My book, Principles of PM, helps new product managers launch their careers - signal___
https://twitter.com/petergyang/status/1216418134527115264
======
signal___
Hello all, I just published a book to help new and aspiring product managers
launch their careers - [https://amzn.to/37wflQ0](https://amzn.to/37wflQ0). The
book includes 200 pages of best practices from what I learned on the job at
Amazon, Facebook, and other companies on:

1\. Principles: When your product fails to get traction, when your team falls
apart, or when you get tough feedback - these are all opportunities to learn
principles to become a better PM.

2\. Product Development: Learn how to work backwards from the customer
problem, identify the right product to build, and execute with your team to
bring the product to market.

3\. Getting the Job: Understand how to transition to PM from another field,
select the right company, and prep for the three most common types of PM
interviews - product sense, execution, and behavioral.
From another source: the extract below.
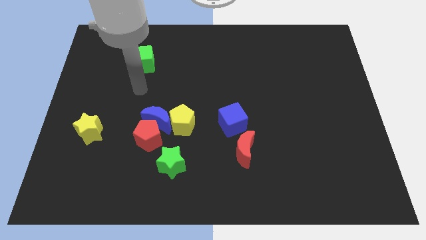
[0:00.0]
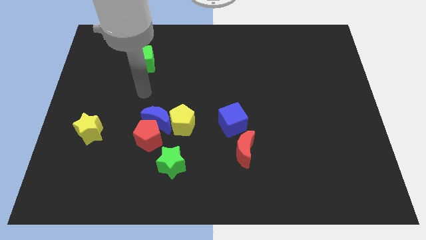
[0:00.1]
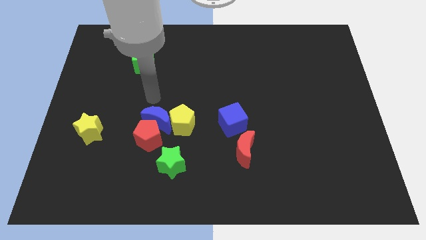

The book also includes interviews with product leaders at Airbnb, Amazon,
Google, and more.

I dislike business books that repeat one idea ad nauseum or are written by
consultants with no practical experience. Hope that you think my book is
different :)

------
syntaxing
This is really interesting and I might pick this up! I'm actually on the other
side of the equation. I want to learn how to work better with the PM as an
engineer. I'm working in a "startup" environment and we're having some issues
working as a team and aligning well.